= Mamilian commission =

The Mamilian commission (also called the quaestio Mamilia) was established by Gaius Mamilius probably in December 110 BC for the investigation of corrupt dealings between senators and the Numidian king Jugurtha. According to Sallust, this was primarily allegations of senators taking bribes to push pro-Jugurthine foreign policy. This pro-Jugurthine senatorial policy, however, may not necessarily have come from corruption: it may have come also from good relations between influential senators and Jugurtha developed during joint service in the Numantine War from 134 and 132 BC. Unlike in the traditional iudicia populi, any citizen could bring a charge and prosecute. The jury pool for the commission, depending on the reading of Gracchani iudices, has traditionally been interpreted as being the equestrians. One of the three court presidents was probably Marcus Scaurus, the princeps senatus at the time.

Most of what is known of the commission's activities comes from passages of Cicero's Brutus, which relates that the priest Gaius Galba and four men of consular rank (Lucius Bestia, Gaius Cato, Spurius Albinus, and Lucius Opimius) were exiled. The charges related to the accepting of bribes from the Numidian monarch Jugurtha for political favours and influence at Rome. That Rome's lethargic Numidian policy, alleged to have been secured by corruption, had been led by the clique who had killed or betrayed the Gracchi brothers may also have given impetus to the charges. The four consulars convicted were all enemies of the Gracchi and the equestrian juries of the Mamilian commission may convicted out of spite.

In 106, the commission would have its independence significantly eroded in a bill introduced by Quintus Servilius Caepio, which changed the jury pool from solely the equestrians to a mix of equestrians and senators.

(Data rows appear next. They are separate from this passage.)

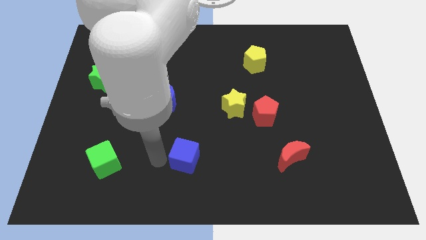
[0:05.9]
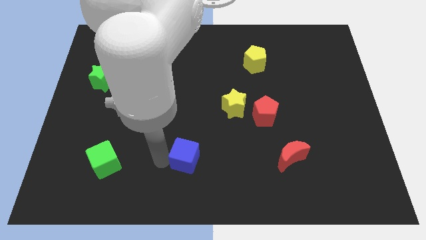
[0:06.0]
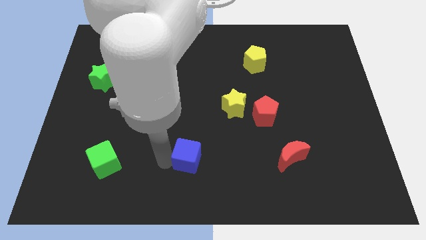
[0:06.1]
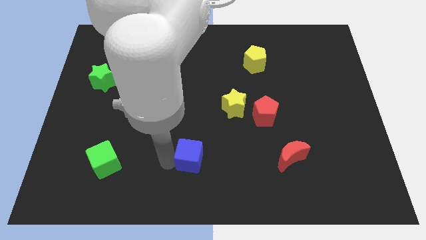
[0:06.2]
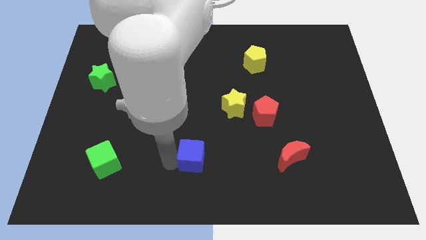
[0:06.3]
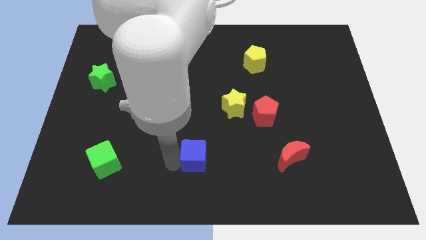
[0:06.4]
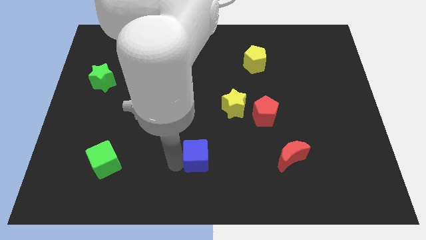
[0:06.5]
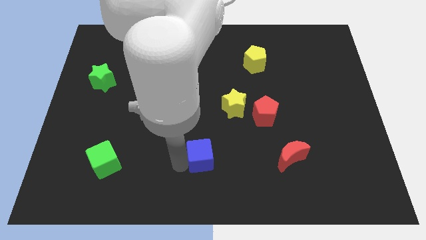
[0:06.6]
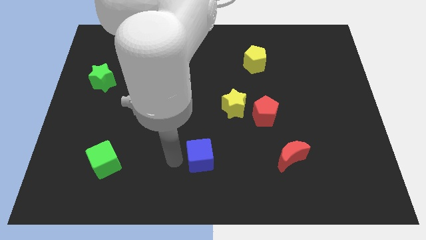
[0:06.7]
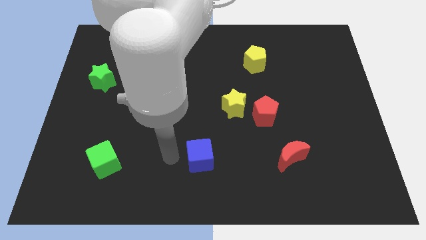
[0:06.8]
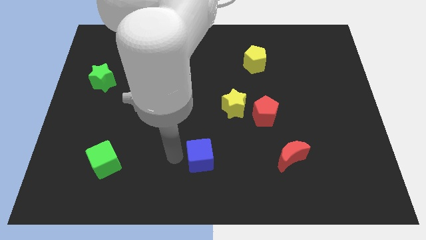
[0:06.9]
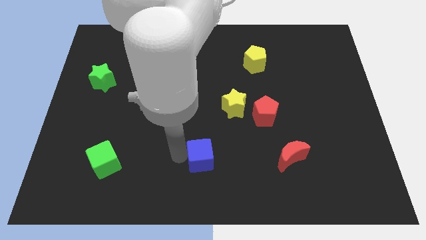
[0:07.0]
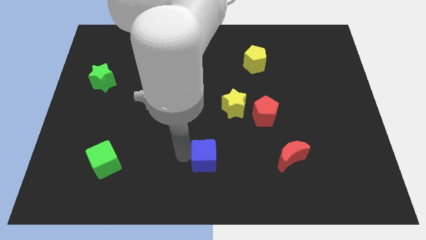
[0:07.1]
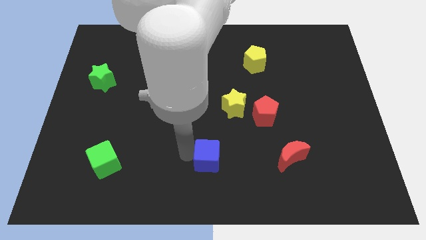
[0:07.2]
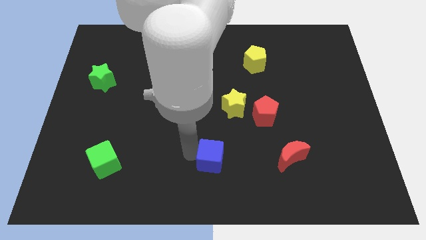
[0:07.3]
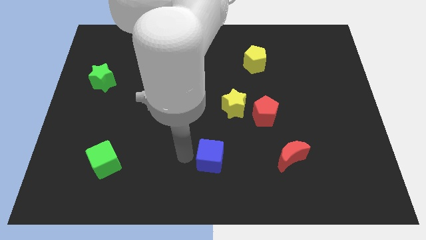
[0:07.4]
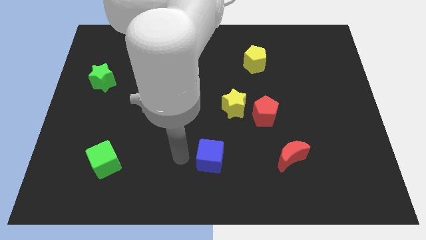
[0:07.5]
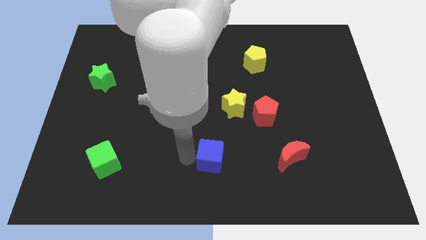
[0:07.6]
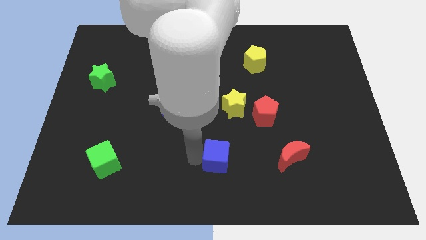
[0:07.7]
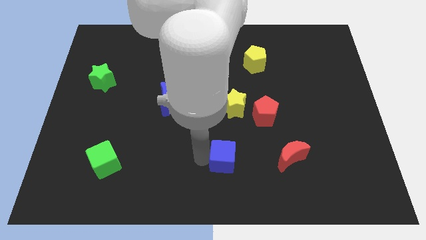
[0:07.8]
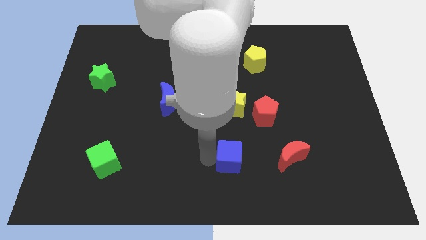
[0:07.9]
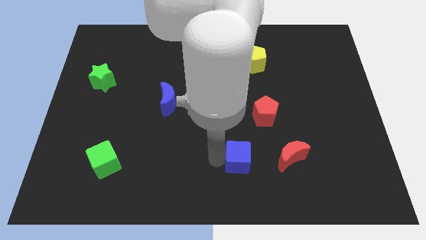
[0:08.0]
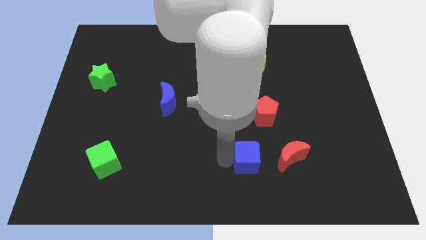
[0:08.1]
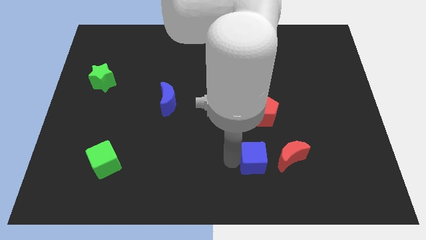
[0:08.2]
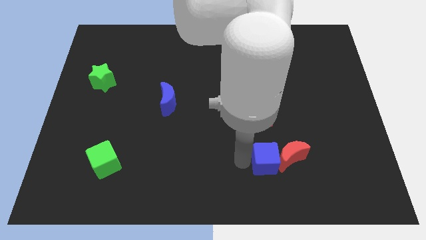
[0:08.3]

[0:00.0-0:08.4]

The conviction of the priest Gaius Galba may have cut short his political career, creating an opening for Gaius Marius, a candidate in 108 for the consulship of 107 BC, the novus homo from Arpinum to win. The structure of the Mamilian commission influenced that which was established in 104 BC to prosecute Quintus Servilius Caepio for the theft of the gold of Tolosa and the defeat at Battle of Arausio. One of the long-term consequences of the commission – trending into Marius' repeated consulships – was to inculcate a general feeling that the existing senatorial leadership (the nobiles) were failing in their responsibility to look after the state and defeat Rome's enemies.